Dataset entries
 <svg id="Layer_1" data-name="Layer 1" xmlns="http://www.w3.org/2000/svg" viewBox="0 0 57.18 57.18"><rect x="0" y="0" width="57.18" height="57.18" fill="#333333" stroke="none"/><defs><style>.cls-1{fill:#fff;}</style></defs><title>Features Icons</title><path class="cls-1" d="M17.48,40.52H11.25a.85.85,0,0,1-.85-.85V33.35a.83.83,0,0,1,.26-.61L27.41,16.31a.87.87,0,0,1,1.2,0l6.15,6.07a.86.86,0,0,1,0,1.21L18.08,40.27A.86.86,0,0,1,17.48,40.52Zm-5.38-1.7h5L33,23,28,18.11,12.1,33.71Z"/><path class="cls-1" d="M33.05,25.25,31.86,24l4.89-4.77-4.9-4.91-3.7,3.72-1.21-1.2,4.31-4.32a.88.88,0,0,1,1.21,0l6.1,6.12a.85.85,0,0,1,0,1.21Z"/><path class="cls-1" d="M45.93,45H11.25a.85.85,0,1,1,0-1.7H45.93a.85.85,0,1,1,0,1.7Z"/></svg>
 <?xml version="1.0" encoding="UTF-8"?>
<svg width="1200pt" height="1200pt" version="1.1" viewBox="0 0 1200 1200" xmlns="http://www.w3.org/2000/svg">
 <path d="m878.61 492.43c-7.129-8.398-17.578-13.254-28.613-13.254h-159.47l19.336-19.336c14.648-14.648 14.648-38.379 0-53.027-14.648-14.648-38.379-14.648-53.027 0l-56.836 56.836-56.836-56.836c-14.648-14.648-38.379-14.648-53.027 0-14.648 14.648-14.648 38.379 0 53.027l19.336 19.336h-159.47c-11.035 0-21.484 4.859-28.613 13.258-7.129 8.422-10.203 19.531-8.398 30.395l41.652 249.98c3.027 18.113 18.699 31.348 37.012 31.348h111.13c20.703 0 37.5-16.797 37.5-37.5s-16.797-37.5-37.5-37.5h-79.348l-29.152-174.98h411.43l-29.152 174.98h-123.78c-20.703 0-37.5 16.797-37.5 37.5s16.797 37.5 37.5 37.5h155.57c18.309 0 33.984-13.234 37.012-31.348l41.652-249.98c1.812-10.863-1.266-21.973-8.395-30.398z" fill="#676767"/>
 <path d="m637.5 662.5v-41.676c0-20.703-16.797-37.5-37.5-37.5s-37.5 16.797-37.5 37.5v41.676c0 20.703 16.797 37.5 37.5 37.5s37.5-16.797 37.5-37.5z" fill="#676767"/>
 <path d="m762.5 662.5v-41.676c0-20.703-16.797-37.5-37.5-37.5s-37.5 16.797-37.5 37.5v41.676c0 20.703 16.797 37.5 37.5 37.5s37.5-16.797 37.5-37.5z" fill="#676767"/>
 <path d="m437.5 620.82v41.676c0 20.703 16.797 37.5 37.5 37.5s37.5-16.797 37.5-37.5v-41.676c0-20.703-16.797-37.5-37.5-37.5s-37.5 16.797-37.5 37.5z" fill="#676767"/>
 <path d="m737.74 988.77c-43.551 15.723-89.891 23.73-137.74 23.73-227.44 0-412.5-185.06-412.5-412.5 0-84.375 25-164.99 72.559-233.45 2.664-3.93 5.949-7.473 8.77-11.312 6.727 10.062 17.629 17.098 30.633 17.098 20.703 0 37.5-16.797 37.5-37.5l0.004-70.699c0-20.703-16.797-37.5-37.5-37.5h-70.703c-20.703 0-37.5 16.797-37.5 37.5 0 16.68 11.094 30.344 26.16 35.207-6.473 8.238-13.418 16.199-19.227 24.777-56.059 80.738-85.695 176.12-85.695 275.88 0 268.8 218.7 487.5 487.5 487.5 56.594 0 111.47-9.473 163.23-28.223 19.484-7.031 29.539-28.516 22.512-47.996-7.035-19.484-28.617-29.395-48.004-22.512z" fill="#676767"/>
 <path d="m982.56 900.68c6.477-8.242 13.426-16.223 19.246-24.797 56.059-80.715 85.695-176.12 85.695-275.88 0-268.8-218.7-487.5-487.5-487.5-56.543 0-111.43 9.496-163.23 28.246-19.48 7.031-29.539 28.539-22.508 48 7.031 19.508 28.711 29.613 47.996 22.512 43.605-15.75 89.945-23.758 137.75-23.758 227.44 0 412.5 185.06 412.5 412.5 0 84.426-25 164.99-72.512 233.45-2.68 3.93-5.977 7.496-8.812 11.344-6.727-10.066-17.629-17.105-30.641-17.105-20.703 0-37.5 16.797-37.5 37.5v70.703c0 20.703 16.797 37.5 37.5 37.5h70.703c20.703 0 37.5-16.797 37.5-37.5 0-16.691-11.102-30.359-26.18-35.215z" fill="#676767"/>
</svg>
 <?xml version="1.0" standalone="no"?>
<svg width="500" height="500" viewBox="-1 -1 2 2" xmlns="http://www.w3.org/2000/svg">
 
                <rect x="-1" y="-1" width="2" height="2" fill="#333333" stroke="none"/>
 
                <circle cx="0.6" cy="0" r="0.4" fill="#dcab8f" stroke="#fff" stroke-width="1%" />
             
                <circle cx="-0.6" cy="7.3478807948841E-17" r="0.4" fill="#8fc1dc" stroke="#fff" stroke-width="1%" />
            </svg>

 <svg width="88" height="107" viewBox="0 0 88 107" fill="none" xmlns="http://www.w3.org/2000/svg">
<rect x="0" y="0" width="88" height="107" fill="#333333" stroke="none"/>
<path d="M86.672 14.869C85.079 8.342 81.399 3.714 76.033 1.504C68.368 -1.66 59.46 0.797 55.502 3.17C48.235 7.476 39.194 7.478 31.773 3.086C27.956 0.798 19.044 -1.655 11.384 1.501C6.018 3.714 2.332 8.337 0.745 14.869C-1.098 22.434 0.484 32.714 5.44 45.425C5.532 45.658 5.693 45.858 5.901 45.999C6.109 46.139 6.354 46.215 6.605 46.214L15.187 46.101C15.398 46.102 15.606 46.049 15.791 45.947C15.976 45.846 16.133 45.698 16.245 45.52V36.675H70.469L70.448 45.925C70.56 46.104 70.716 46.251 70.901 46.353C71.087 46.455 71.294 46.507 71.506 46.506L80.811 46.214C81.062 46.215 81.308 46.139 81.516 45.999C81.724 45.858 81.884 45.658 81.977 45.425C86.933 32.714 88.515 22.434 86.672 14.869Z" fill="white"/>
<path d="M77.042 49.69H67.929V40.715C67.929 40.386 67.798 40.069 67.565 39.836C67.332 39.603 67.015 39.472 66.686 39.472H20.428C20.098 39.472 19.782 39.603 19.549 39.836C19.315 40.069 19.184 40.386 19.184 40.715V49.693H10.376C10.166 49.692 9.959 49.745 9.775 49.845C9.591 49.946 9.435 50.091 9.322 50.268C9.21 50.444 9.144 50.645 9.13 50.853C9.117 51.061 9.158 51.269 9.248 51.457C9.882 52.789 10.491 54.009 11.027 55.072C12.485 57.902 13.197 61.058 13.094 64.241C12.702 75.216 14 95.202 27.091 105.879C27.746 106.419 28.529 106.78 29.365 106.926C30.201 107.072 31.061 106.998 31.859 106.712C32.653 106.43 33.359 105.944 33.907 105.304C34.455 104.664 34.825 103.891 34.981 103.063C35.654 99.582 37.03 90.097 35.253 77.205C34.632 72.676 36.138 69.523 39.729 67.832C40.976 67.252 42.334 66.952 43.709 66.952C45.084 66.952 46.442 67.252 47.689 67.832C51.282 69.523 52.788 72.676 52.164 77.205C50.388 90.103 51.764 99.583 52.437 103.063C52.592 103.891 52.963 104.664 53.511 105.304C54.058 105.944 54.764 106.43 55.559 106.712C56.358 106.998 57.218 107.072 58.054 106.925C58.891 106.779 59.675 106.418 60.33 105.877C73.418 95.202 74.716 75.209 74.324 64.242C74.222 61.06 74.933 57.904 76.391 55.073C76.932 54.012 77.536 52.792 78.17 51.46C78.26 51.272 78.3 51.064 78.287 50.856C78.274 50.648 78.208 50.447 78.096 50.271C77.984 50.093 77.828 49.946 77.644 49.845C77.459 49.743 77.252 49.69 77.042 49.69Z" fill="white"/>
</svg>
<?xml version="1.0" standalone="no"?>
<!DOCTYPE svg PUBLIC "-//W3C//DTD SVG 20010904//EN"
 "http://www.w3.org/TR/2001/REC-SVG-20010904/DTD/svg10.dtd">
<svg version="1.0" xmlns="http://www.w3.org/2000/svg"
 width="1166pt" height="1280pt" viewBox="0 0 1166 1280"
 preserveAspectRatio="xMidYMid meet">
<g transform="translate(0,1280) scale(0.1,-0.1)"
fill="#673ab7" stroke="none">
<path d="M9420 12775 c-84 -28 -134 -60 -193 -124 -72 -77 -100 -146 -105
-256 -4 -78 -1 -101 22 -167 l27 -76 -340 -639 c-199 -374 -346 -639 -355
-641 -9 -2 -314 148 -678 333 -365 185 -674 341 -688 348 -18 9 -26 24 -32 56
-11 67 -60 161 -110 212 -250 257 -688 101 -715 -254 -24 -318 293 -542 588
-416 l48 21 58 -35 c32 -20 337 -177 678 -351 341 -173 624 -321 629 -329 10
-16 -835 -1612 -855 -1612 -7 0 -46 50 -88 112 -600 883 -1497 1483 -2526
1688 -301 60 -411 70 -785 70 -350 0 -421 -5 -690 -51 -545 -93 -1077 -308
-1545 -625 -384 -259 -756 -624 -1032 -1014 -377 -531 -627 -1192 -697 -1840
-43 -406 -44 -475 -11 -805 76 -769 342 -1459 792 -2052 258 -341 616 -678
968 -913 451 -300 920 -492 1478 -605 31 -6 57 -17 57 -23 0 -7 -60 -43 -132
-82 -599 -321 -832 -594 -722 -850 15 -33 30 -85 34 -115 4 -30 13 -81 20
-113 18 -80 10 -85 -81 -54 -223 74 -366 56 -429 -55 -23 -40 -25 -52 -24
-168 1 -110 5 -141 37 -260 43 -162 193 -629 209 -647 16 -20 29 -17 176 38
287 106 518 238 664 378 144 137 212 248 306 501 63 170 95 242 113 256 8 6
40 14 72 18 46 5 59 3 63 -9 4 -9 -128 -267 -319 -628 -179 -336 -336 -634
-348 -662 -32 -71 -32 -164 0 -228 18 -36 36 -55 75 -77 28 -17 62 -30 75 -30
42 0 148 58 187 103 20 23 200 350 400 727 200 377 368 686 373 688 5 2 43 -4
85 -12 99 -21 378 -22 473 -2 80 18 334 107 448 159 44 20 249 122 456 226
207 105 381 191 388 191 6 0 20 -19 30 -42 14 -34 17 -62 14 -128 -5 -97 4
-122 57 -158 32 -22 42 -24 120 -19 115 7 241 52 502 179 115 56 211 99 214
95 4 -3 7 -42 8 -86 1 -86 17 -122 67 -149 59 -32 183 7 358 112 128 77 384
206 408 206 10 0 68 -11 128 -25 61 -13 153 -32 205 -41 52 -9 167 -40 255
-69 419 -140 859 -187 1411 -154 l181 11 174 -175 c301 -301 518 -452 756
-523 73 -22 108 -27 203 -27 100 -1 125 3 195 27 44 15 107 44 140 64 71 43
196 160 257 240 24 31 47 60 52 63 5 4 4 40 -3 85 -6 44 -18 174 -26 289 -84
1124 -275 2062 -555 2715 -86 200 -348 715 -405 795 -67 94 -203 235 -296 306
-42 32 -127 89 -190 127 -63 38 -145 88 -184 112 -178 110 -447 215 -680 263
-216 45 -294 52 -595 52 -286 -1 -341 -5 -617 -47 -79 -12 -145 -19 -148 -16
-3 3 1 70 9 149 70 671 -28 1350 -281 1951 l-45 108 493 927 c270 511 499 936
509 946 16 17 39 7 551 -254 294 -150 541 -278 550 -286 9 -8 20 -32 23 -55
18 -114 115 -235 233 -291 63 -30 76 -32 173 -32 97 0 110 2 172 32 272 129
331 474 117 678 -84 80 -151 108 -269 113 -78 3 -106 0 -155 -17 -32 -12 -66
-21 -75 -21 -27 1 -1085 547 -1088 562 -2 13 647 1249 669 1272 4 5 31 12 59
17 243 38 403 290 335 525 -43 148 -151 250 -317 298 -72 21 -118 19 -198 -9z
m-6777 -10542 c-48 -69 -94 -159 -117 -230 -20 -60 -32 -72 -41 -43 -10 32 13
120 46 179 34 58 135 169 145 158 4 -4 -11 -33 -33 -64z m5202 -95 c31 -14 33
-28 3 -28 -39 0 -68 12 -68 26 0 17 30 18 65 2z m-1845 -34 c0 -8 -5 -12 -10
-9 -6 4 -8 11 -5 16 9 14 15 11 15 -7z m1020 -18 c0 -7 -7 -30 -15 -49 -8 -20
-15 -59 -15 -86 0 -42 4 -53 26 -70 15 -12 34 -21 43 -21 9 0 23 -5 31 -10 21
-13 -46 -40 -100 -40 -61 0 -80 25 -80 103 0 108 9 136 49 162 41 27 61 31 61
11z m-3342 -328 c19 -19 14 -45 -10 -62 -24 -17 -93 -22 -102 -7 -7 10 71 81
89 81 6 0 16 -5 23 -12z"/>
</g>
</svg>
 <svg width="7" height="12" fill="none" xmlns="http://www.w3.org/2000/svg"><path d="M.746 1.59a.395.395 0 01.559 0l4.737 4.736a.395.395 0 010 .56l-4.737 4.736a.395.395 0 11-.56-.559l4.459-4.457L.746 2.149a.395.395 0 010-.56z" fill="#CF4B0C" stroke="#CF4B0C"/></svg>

HOW TO COMPLETE THIS TASK — Going through the records above line by line, tally those with the word "standalone" and answer with the number only.

SOLUTION TO THIS PROBLEM — 2